The chemistry that transforms hair from a mousy brown to a deep chocolate brunette, or from a graying blond to a golden honey, may seem like magic. In truth, it's a torture test that leaves hair dry, dull, and rough — the very qualities that, ironically, make haircolor look drab. But if you're one of the 70-plus percent of American women who cover their grays or brighten their natural hue, don't worry: This is one test you can pass with flying (hair)color. Some easy changes in your hair-care habits, along with pro-recommended products, will renew your tresses' shine and vibrancy and restore your faith in your favorite box of color's ability to work magic.
Don't Drown It
"Color's worst enemy is water," says New York City haircolorist Ruth Roche. In fact, the latest research shows as much as 80 percent of color fade is caused by water alone, not shampooing or scrubbing, says Jeni Thomas, Ph.D., senior scientist for Pantene. Here's why: Dye strips the strands of their outer lipid layer. Like the natural oils found on your skin, lipids make hair feel soft and smooth, and their loss has a cascade of negative effects. For starters, hair becomes more porous, which is why, in the shower, colored hair absorbs and releases water easily. As it exits, water takes along with it some color molecules, explains Thomas. Your dye job, whether applied at home or in a salon, winds up literally going down the drain. To minimize this water-induced fading, take these precautions:
Think twice about becoming a redhead Red dye's large-size molecules leach out more quickly than those of any other hue. Whatever color you choose, stay within a few tones of your natural shade: Going from brunette to blond, say, requires bleaching, which makes hair especially porous and prone to color fade.
Avoid excessive rinsing in the shower "Once you've shampooed and conditioned, don't tilt your head back and let the water just run over it for several minutes," says Teca Gil-lespie, a scientist with P&G. And if you like to wake up under the faucet in the morning, try to spare your hair.
Stick to lukewarm or cooler "Heat makes dye leach faster: the hotter the water is, the quicker the color loss," explains Thomas.
Use a color-protecting shampoo They're specifically formulated to be both gentle and protective, says Redken haircolor consultant David Stanko. Steer clear of clarifying shampoos — which can be harsh and stripping — except on the day before your color appointment. "If you're going for gray coverage, use one to remove silicones, waxes, and hairspray resins," says Stanko. "Otherwise, instead of penetrating the hair shaft, some of the hair dye may attach itself to those coatings and then wash out, making your color fade faster."

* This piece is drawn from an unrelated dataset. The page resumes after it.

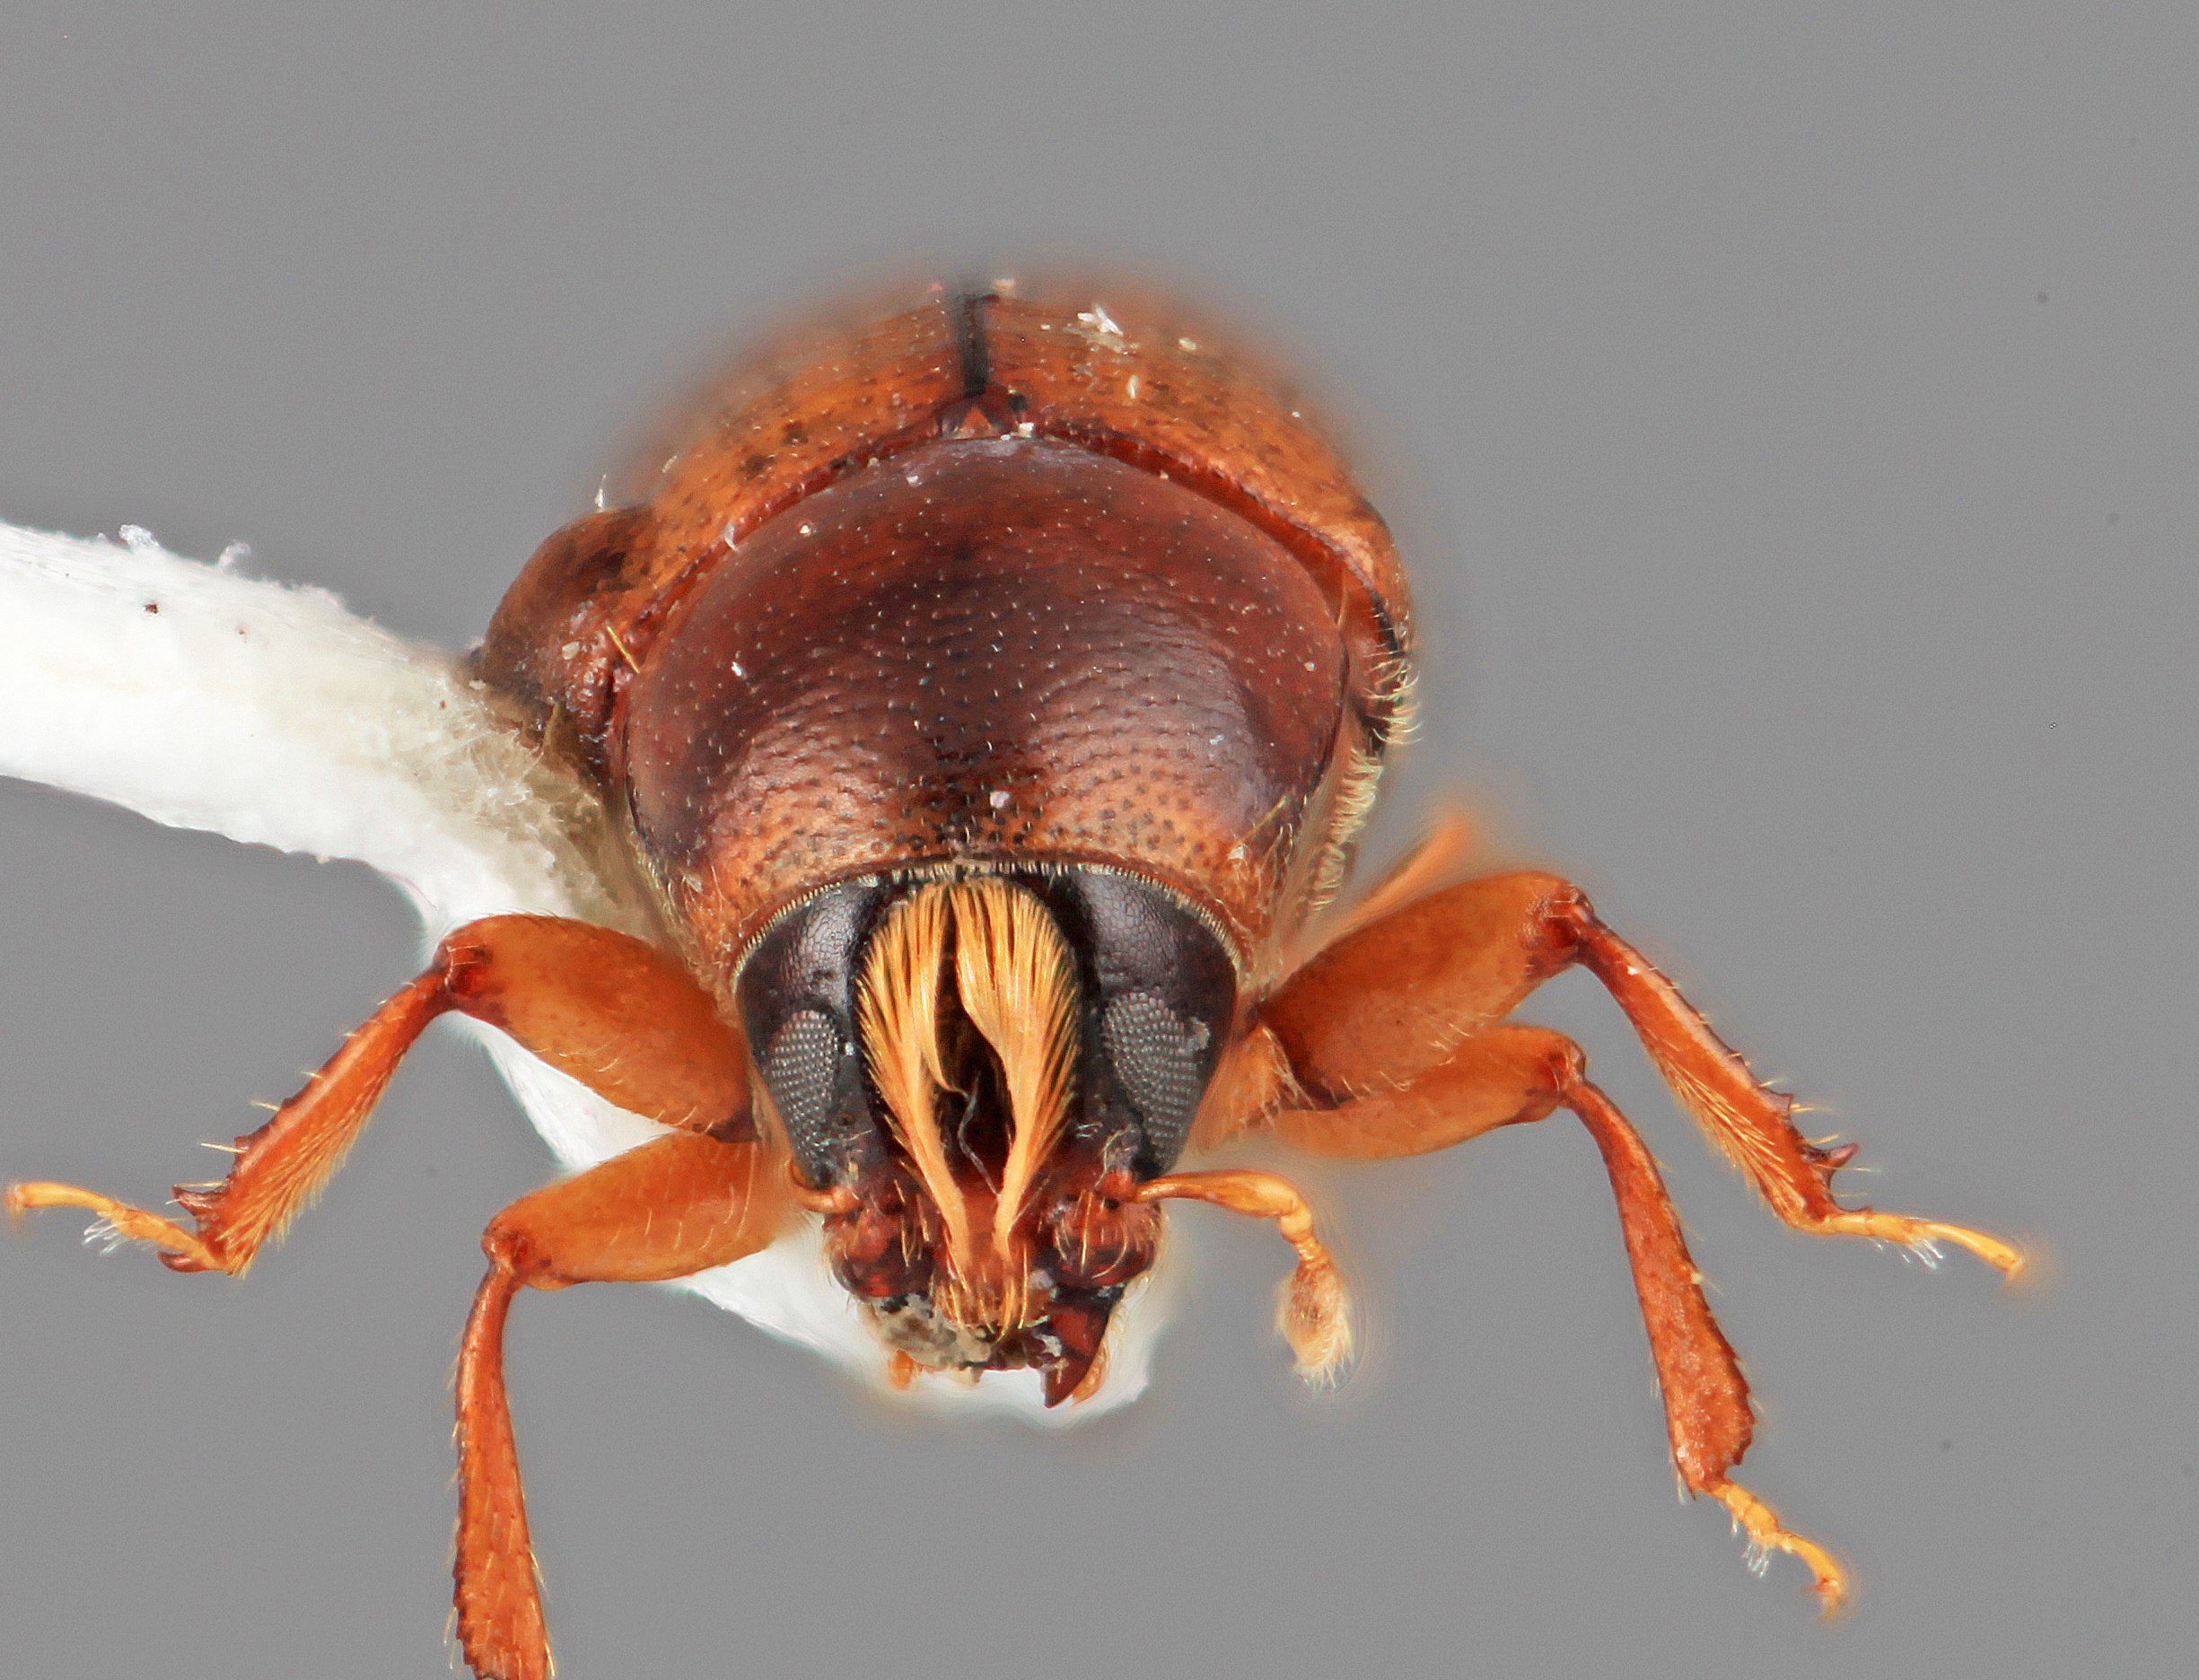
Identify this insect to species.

Wash your hair less frequently Refresh on your off days by flipping hair over and spraying a dry shampoo at the roots to soak up oil. The new Suave Professionals Dry Shampoo ($3, drugstores) is colorless, so unlike most, it won't leave a white residue.
Beat a Dry Spell
If you feel your locks are fit to start a brushfire, the culprit, again, is that missing lipid layer. Your own scalp oils normally rely on hair's fatty layer as a transport system, says Thomas. Without it, they don't distribute themselves well down the length of the hair shaft. What's more, conditioners like silicones don't adhere evenly. So if you've been dutifully conditioning with no results, it's not your imagination — most of that conditioner has been rinsed down the drain. In short, your new hair chemistry demands conditioners specifically for color-treated hair.
Condition every time you shampoo, even if you have fine hair. "You really want to make sure you condition the longest part of your hair. The tips can be years old and have the most damage, whereas the roots are only a couple of months old," says Gillespie. Start at the ears and work your way down to the tips.